A lot has changed since Maslow first published it way back in 1943. They didn’t have so many of the daily essentials we take for granted – the Internet, Wi-Fi, smartphones and microwave popcorn were all still a long way off. Life must have been hellish.

Of course people were somewhat distracted by the small matter of defeating Hitler and winning WWII, so they probably didn’t spend a lot of their time thinking ‘If only there was a way to watch short movies featuring cats, from any room in the house.’

So what do we really need to be happy? Needs are all too easily confused with wants. You may want a home imax-style cinema with a state of the art sound system and fully stocked bar, but you do not need one. Equally the exclusive handbag, sports car or luxury holiday in the Cayman islands are also wants, shiny and enticing perhaps, but not essential to your ongoing existence or Joie de vivre.

pyramid-house_sml

For some of the super-wealthy, the ideal might be an actual pyramid, with bullet-proof-glass windows, a pool and a gold sarcophagus-style bed.

Most mere mortals can be happy with far less and also avoid the risk of ending up a paranoid fruitcake, sealed inside your own high-security tomb, nervously watching banks of cctv monitors as you sip your fine wine and swallow another handful of Xanax.

If you are convinced you need these things in your life in order to be happy, you may need to spend some time thinking about the true nature of happiness and ask yourself, ‘Would I really be a happier person with any of those things? Or have I been snared in a cunningly-set trap?’

Of course we cannot deny that life’s little luxuries or occasional extravagances do make us slightly happier for a short time. But thanks to the phenomenon known as habituation, it wears off very quickly. Studies have shown that people who win big on the lottery see their happiness levels return to their pre-win levels not long after their windfall. The same happens after having children or getting a pet tarantula.

Very little is needed to make a happy life; it is all within yourself, in your way of thinking.
Marcus Aurelius – Meditations

Many of the world’s greatest thinkers have extolled the virtue of the simple life. From the ancient Greeks and Romans to zen masters and some of the great European and American philosophers and writers, there is a common thread of learning to be happy with less and appreciating the bounties of nature.

tiny house 2_sml

Of course one doesn’t have to take it quite as far as Diogenes, and live in a wine barrel. Simply downsizing and living with lower expectations and less stuff can boost our levels of happiness. With the growth of the tiny homes movement and a lot of support for re-use and recycling schemes, as well as ideas like international no-shopping day, there are some small signs of hope we may yet escape the chains of rampant consumerist culture that bind us.

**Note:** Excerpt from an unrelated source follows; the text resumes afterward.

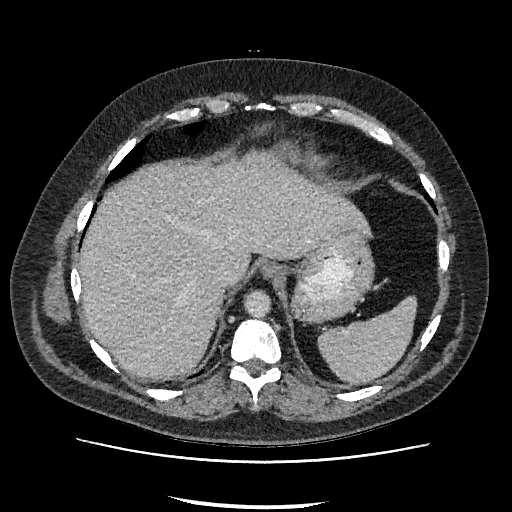
CT

The liver is at [x1=80, y1=157, x2=369, y2=377].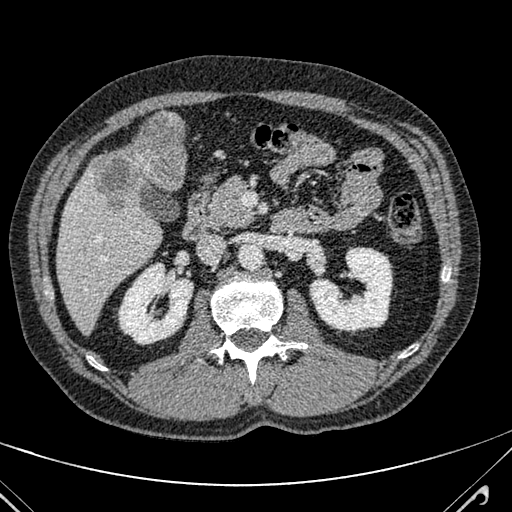
CT slice
- focal liver lesion: (x1=93, y1=113, x2=185, y2=209)
- liver: (x1=58, y1=158, x2=160, y2=332)

It’s easier said than done when we live in a world bombarded with advertising messages and glamorous lifestyles 24/7. Corporations and the clever marketing whizzkids they hire are out to ensure we stay unsatisfied. They need you to feel like you cannot live without an upgrade to your smartphone, your home and perhaps even your partner. Happiness is not their primary concern. One might say they are promoting unhappiness and then offering you an ineffective cure.

The things you own end up owning you.
Chuck Palahniuk – Fight Club

Ultimately the things we actually need, as Maslow and so many others have pointed out, are much more within our reach than the trappings of the rich and famous. Beyond the basics of food, water, shelter and safety we need love and belonging. We need self esteem and we need self-actualisation – working towards reaching one’s true potential.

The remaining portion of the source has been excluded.